A few mitigating factors:
For example, nix run .#test is just:
test = {
type = "app";
meta.description = "Run unit tests";
program = pkgs.lib.getExe (
pkgs.writeShellScriptBin "test" ''
set -e
${pkgs.go_1_24}/bin/go test -covermode=count ./apis/... ./cmd/... ./internal/... "$@"
''
);
};
Early testing revealed that installing Nix was a significant barrier. The macOS
installer requires root access to create a synthetic volume at /nix, and some
contributors couldn't get it working at all.
We addressed this with nix.sh, a wrapper that runs Nix inside Docker. This
makes Docker the only prerequisite - contributors don't need to install Nix
locally. Power users who want native Nix integration with their shell can still
install it, but it's not required.
Looking ahead, Nix flakes can import other flakes without git submodules. If we
eventually migrate providers to Nix, we could create a crossplane/nix
repository with shared derivations:
{
inputs.crossplane.url = "github:crossplane/nix";
outputs = { self, crossplane, ... }: {
# Use shared build logic from crossplane/nix
};
}
This would let us share build logic across repos without git submodules.

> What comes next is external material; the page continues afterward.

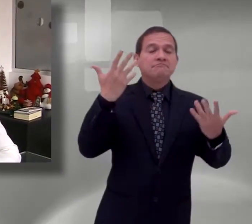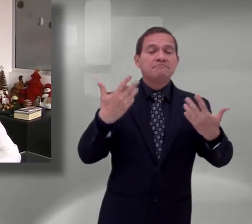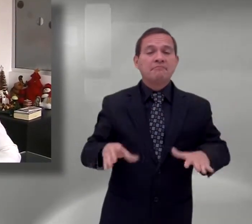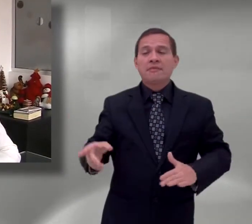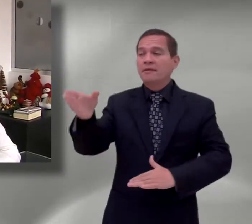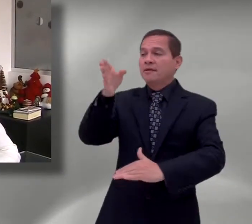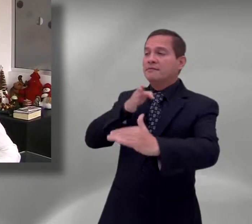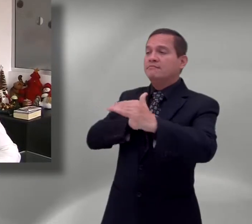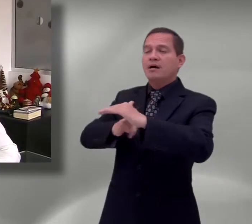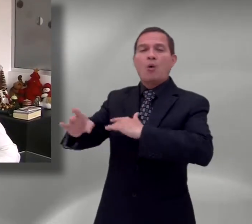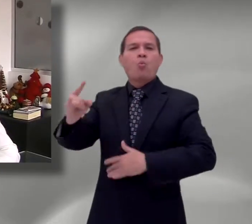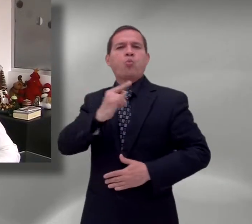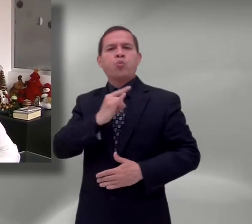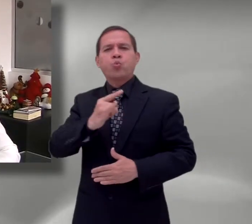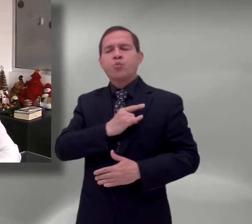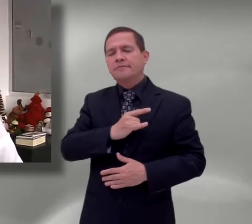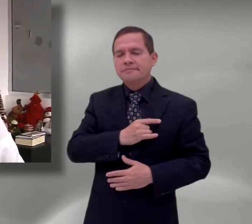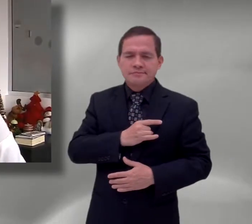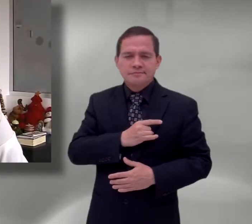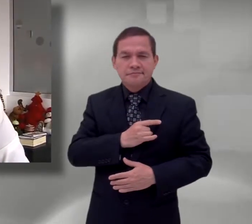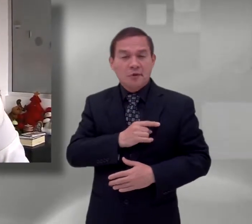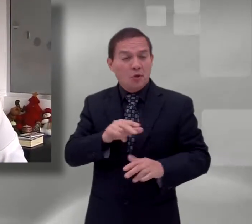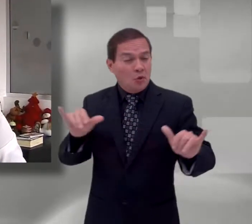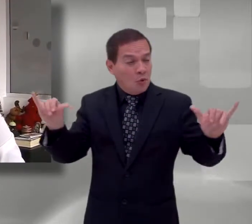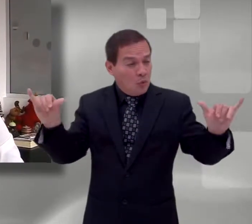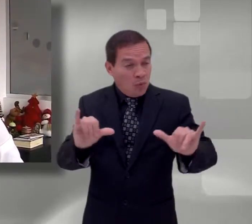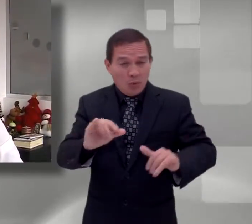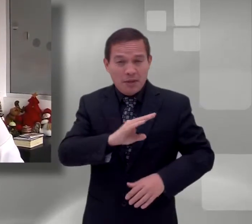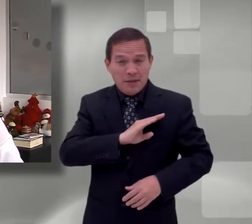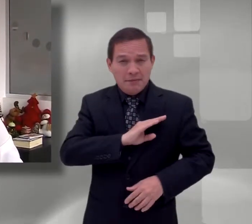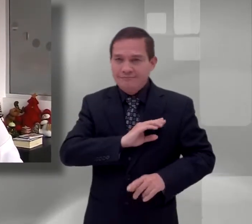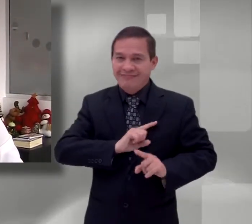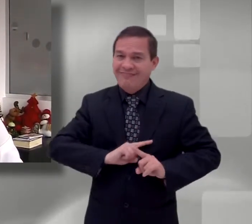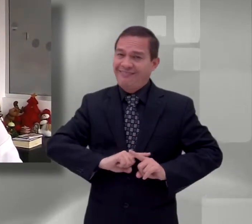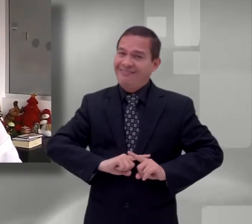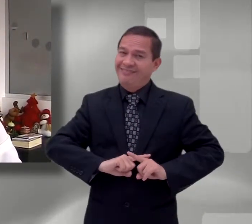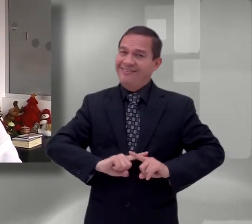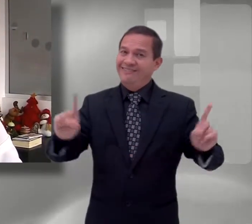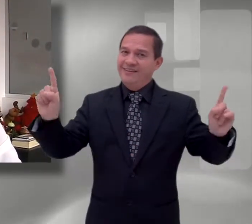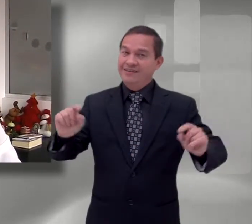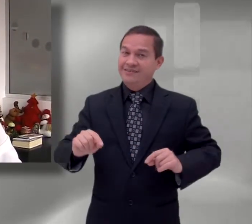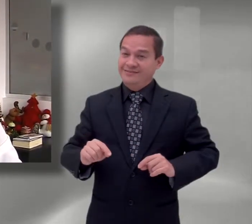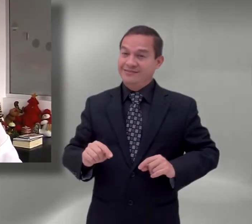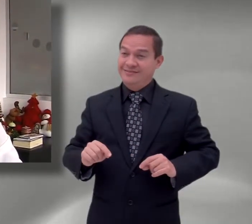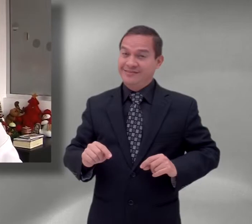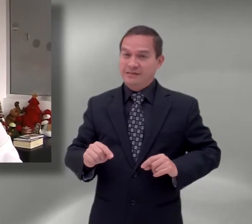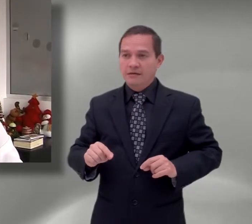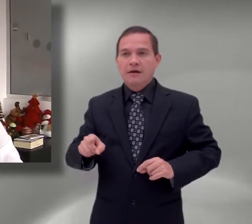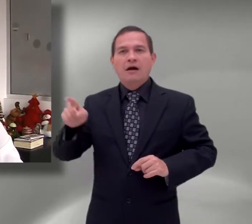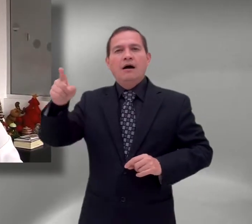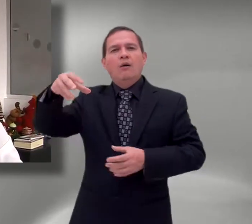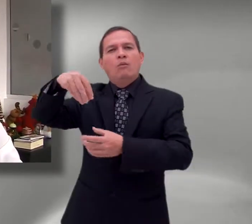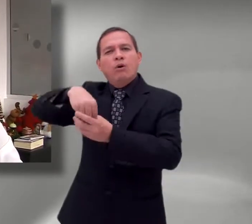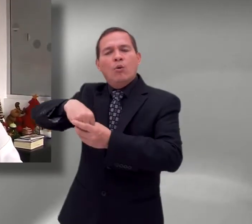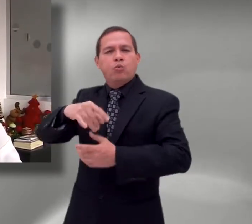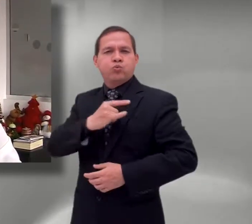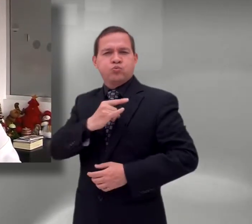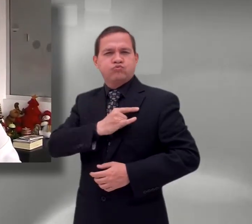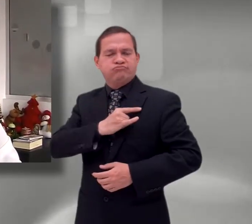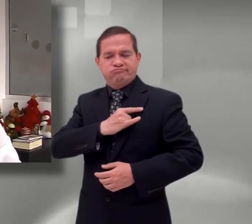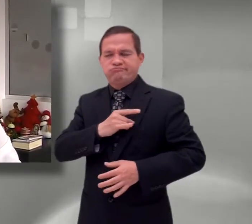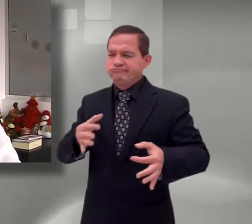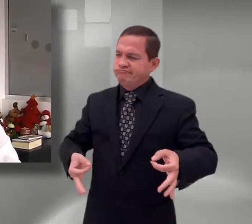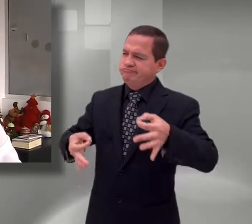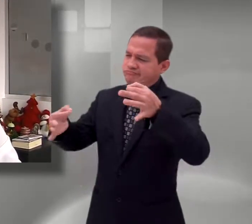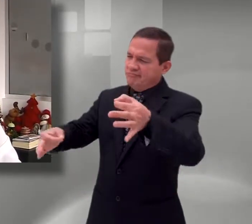lenguaje de alta exigencia. Por ejemplo, las lecturas asignadas por lo general son especializadas

The most obvious alternative is to return to Make and the build submodule. This would reunify the ecosystem - providers still use it, so we'd have one build system again.
The build submodule works. It's maintained, stable, and familiar to long-time contributors. Make itself is 47 years old and isn't going anywhere.
However, the reasons we moved away from the build submodule still apply:
$(foreach p,$(GO_STATIC_PACKAGES),...)
patterns in golang.mk are no easier to read than Nix.Returning to the build submodule would mean going backward to a system we already decided wasn't good enough. The ecosystem split is a real cost of not returning, but I believe it's better to move forward and eventually migrate providers than to move backward.
Dagger is architecturally similar to Earthly - it's built on BuildKit and provides containerized builds. It's more actively developed than Earthly.
However, Dagger is a commercial open-source project backed by a single vendor. This is exactly the situation we're in with Earthly. The Dagger team needs to build a business, and their incentives may not always align with ours. We've been burned once by betting on commercial open-source build tooling; I'm hesitant to do it again.
Dagger also requires writing build logic in a general-purpose language like Go or Python, which is more complex than either a Makefile or a Nix flake for our use cases.
This isn't really viable. Earthly is in maintenance mode with no planned feature development. The community fork (Earthbuild) is too new and unproven to bet on. We'd be accumulating risk the longer we stay.